* [Source information]:
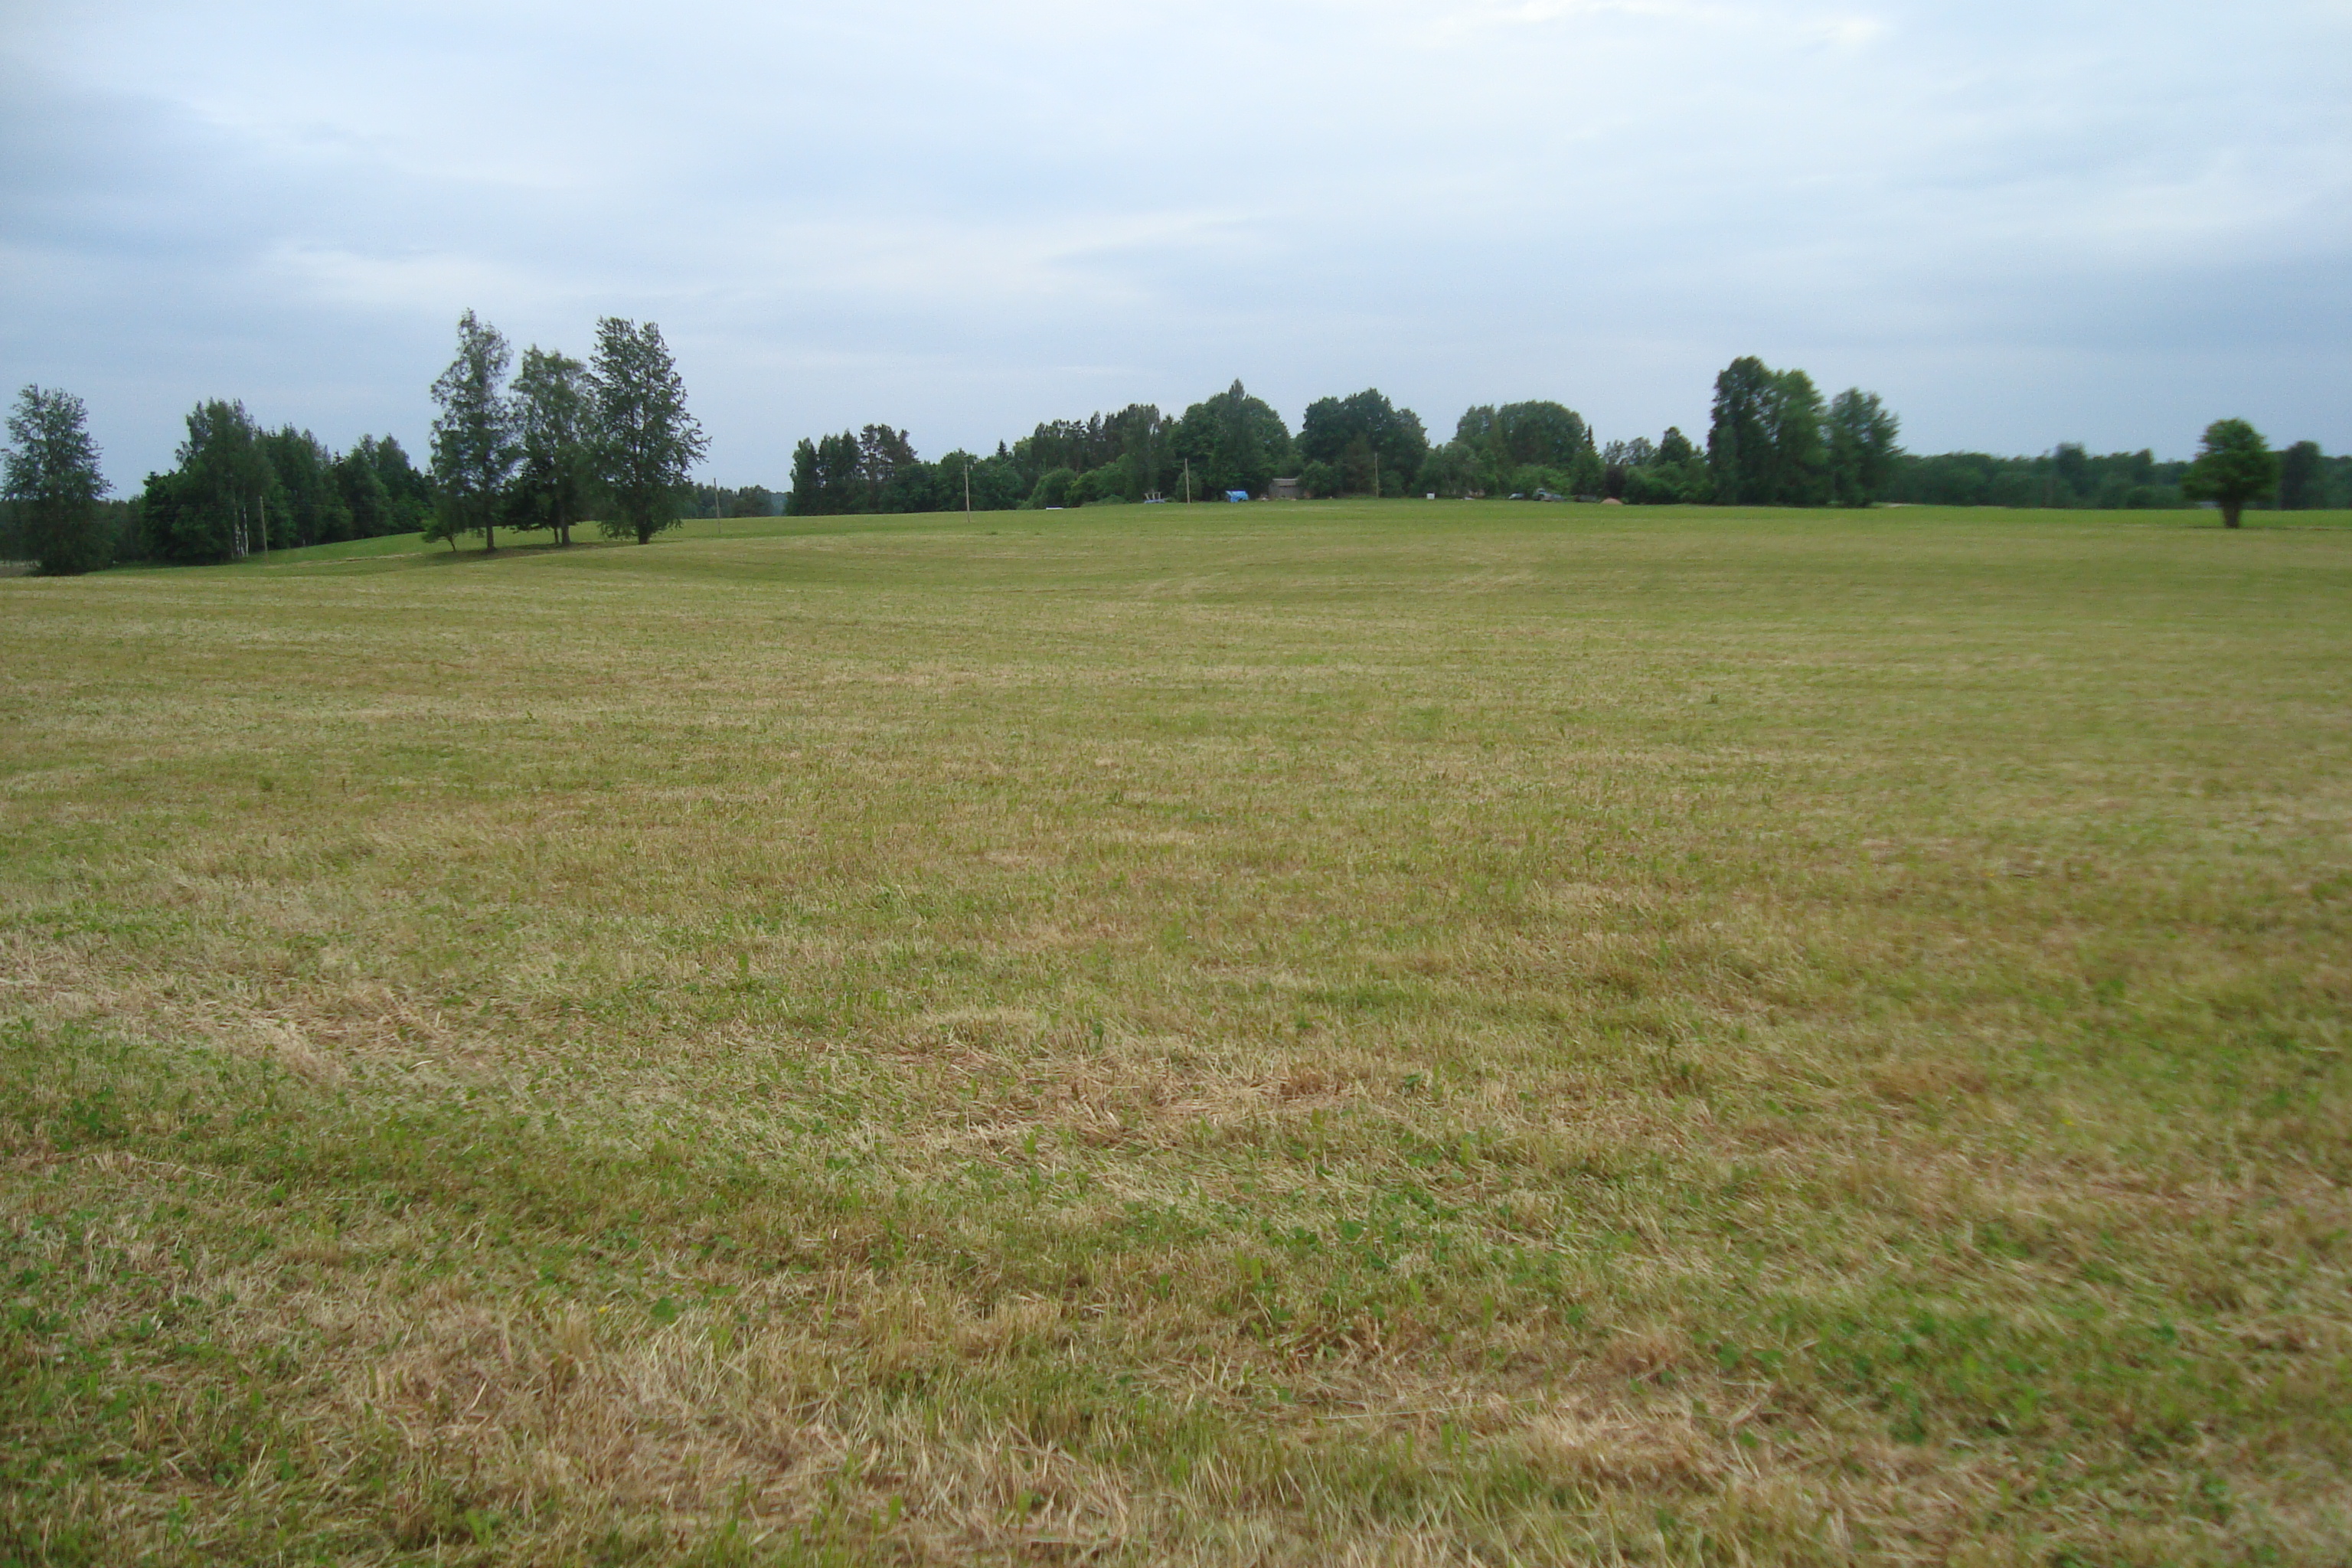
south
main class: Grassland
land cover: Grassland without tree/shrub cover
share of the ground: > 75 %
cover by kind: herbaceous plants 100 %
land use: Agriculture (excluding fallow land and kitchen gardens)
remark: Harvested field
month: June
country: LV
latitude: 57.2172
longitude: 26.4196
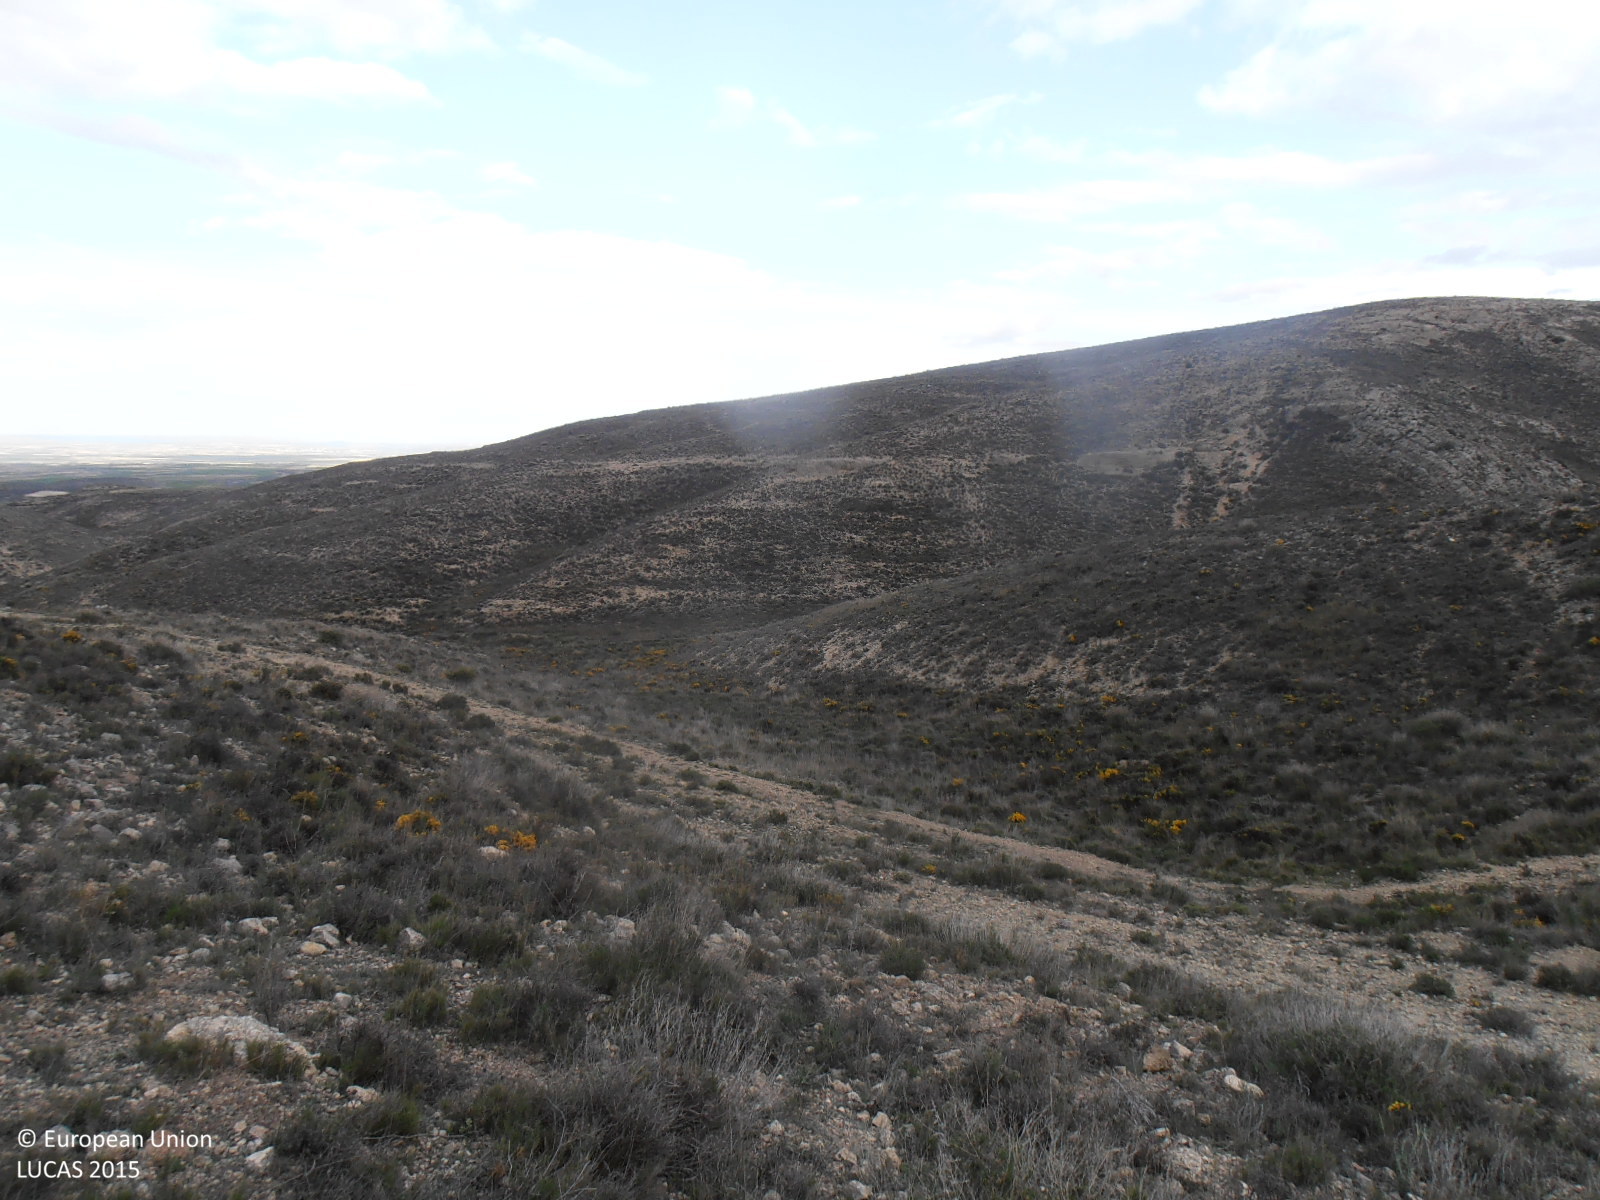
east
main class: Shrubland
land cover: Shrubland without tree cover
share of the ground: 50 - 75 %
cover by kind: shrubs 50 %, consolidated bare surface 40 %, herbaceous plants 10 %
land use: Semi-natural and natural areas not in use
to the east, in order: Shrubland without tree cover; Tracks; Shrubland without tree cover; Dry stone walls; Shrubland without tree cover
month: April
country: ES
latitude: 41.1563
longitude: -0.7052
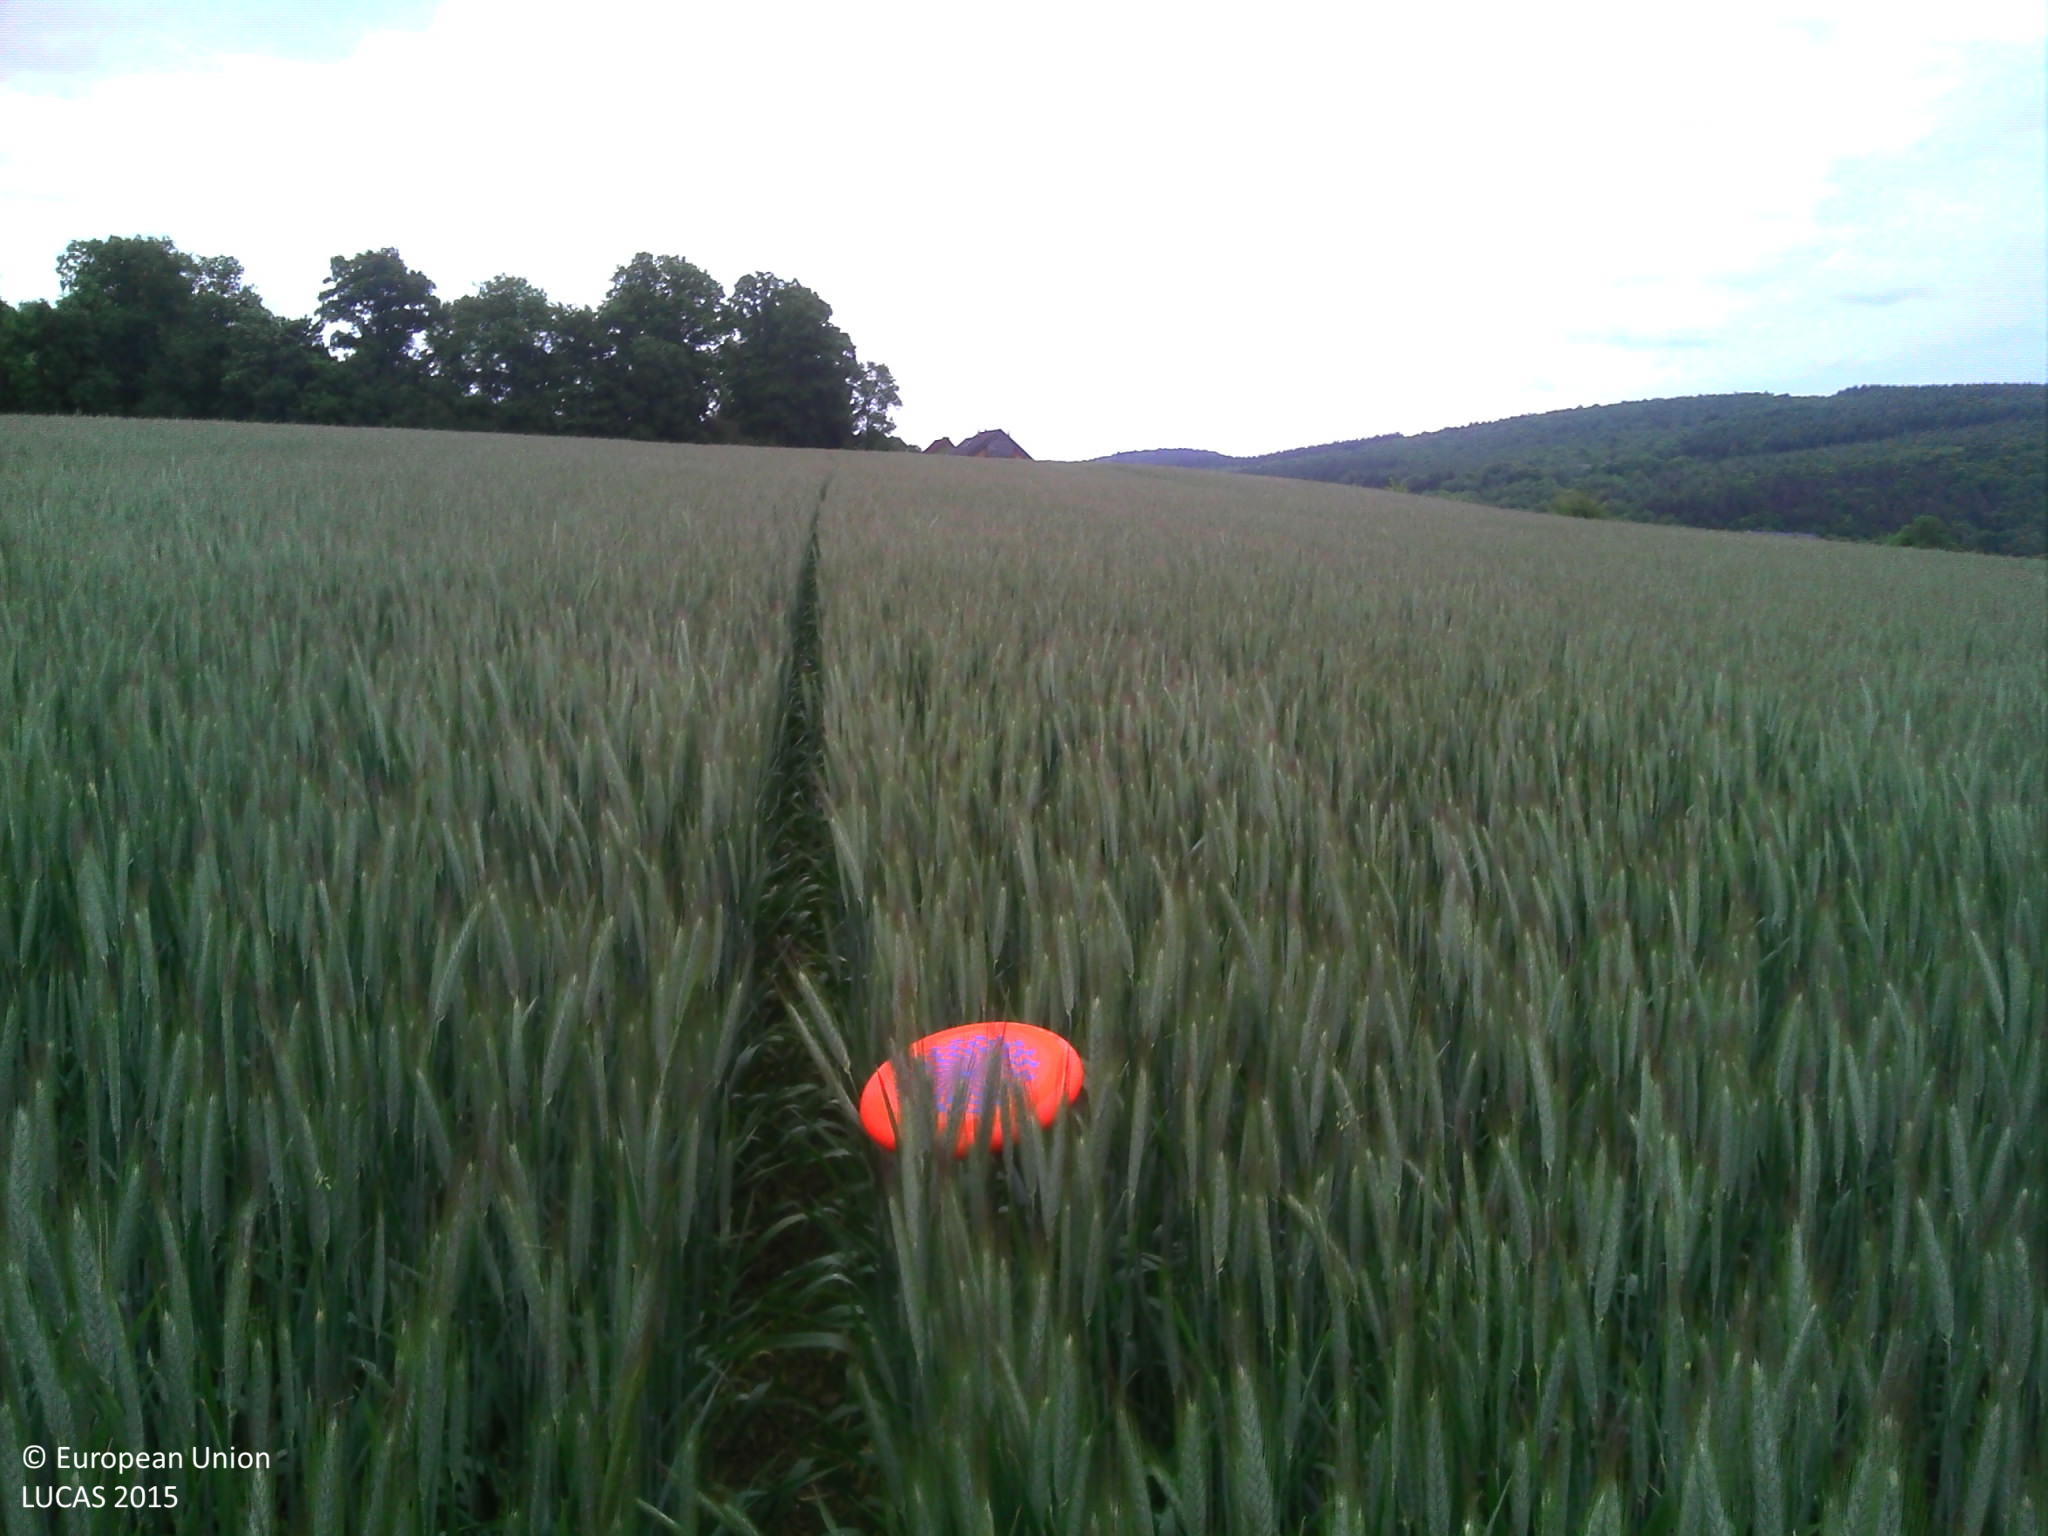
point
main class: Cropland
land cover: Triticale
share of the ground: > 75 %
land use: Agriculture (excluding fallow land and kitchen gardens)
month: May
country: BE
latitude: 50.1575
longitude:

* [Exercise objective]: Copy out all lines of the material containing the word "tree".

* [Your solution]:
land cover: Grassland without tree/shrub cover
land cover: Shrubland without tree cover
to the east, in order: Shrubland without tree cover; Tracks; Shrubland without tree cover; Dry stone walls; Shrubland without tree cover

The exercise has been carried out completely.